I turned into the sun and made for 44th street. I would follow the sidewalk down, then across Oak St. and then walk until I saw the movie sign.

The Samsonite had two little wheels, and a strap on the opposite side, convenient!   Not.

The little me pulled that giant suit case down the sidewalk, the two-wheel and strappy handle Samsonite down the sidewalk muttering the entire way…In my imagination I was greeted with cheers and tears

“Oh I can’t believe we forgot you, our golden child, oh what terrible parents we are, oh will you ever forgive us?”

I plotted my revenge, what gifts they the parents who forgot would have to bestow upon me,  the golden child,  because of their forgetting….what could I ask for….? The world was mine for the asking…

It was a long while before I reached the house, the suitcase was heavy, I stopped and sat, and started out each time with a new want clear in my mind…candy, shoes, or a new pet? Oh boy they are going to pay for this!

I opened wide the door triumphant, pull the Samsonite its last few yards and slam the door behind me.

NOW they will pay!

My baby sister Michele skips through the living room singing, it takes me a moment to hear her words…

“Papa’s dead, Papa’s dead, Papa’s dead….”, she sings.

She is only  5, one does forgive, eventually.

Papa, my only Papa, my mother’s father, the gentle giant.

 The breath is gone, I go to my room, head hung,  can it be true? Can it be my Papa is dead?

I count my memories of him on a single hand.


Splinters in my feet.

Dad built a deck off the house, i am 4 or 5… i sit then stand, then run,  the tiny pieces of wood enter my feet, painful.

Papa, my mother’s father, takes me in his lap. The pain fades with his soft hands as he takes the splinters from my tiny feet.


Christmas 1967. Wispy Walker Doll. She is blonde,  taller than I am, and walks, how? I take her to the cellar and take her apart, trying to discover her secrets, then can not put her back together. He finds me there, puts Wispy Blonde Walker back together and never ever tells anyone, never ever, crossed his heart and hoped to die he promised me,  never to tell, and he never did, he kept his promise and told no one, ever.

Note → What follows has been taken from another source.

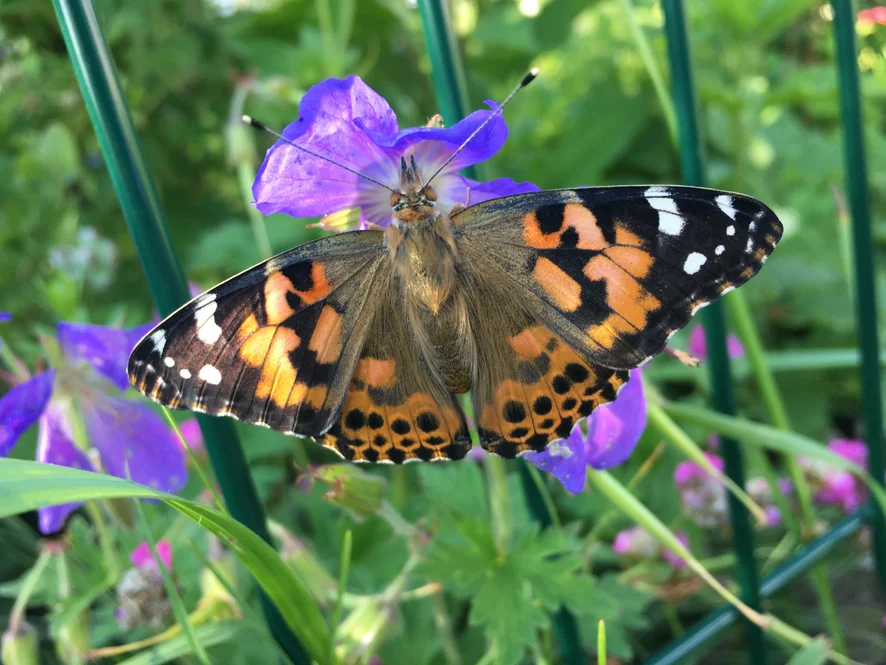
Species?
Vanessa cardui

George… George … George of the Jungle, watch out for that tree! My Papa is learning to drive. He has moved from Springburn Scotland after retirement, and my sisters and I are in the back of the wagon as my Dad is giving  Papa a driving lesson. Papa’s name is George, George of the Jungle is currently a cartoon high in our cultural vocabulary. So my sisters and I sing  and rock back and forth from the backseat, “George,  George,  George of the Jungle,  watch out for that tree! ”  as he learns to drive.  He is not pleased. 

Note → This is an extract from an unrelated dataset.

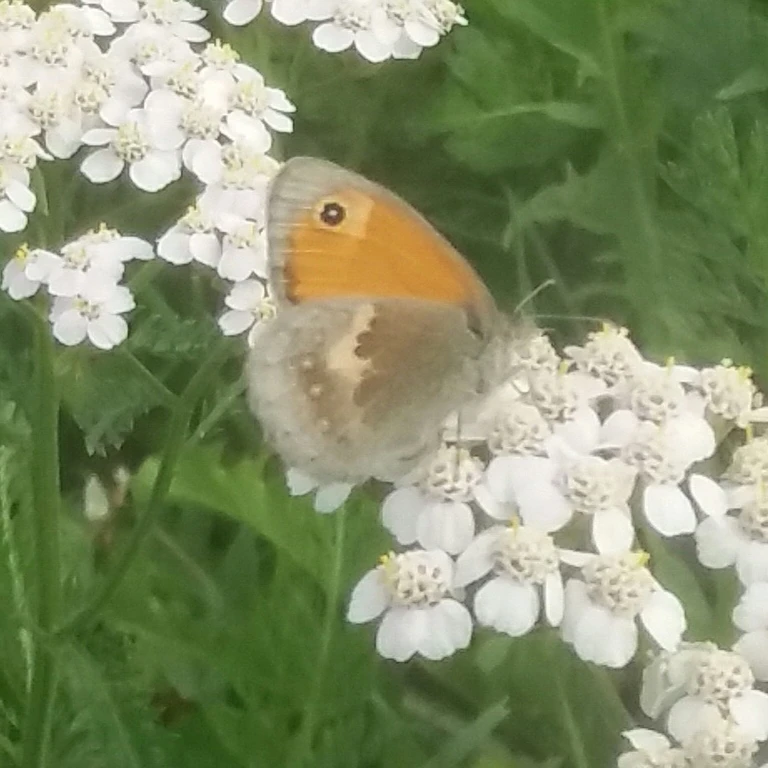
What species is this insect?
Coenonympha pamphilus

Papa now driving has driven across the United States to Arizona, I am up a tree in the  front yard, see him pull in to the driveway.

 “Is it a dream!” I yell as I dive into his arms.


Pumpkin Pie. Driving from the Worlds Fair in Toronto, he spies a church bake sale, and buys a pie. Approaching the U.S. border, he is compelled to toss said pie out the window, as all immigrants in the car fear they will be jailed for bringing a Canadian pumpkin pie across the border. I think of Papa every time I spy,  a pumpkin pie.

Harris Tweed jacket, stingy brim hat, and always a shirt and tie.

A bookbinder by trade, with the magical ability to gild the edges of a book, create swirled end papers,  and then bind it all in leather. Springburn  Scotland Masonic Lodge member, a moustache  that tickled, proper,  smiling,  finger missing Papa.

He had lost the four fingers  of his left hand mid joint as a lad working at Collins Book Binders.

He would tell us when we asked, “Papa what happened to your fingers?”

“Cut them off and ate them as sausages!”

We would squeal.


All gone.

It was the only time I saw my mother cry, standing there ironing, getting ready to travel to her fathers funeral. Well that,  and the time she got bleach in her eye. But that doesn’t really count.

Dad says, “guess you have heard…”

Thats all.

There was no sorry, no excuse, no reason given. even my little sixth grader self understood.

He was gone, my mother was an orphan forever more, my Papa who had crossed oceans, sworn oaths, bound books was gone forever.

I know my wish now, know what I want, and know it will never come true.

I just want him back, for a little while.

And still as I sit and tell the tale almost 40 years later,  George is still missed, as much as that day I walked home alone from camp, and  I still want him back.

There is so much I don’t know about George.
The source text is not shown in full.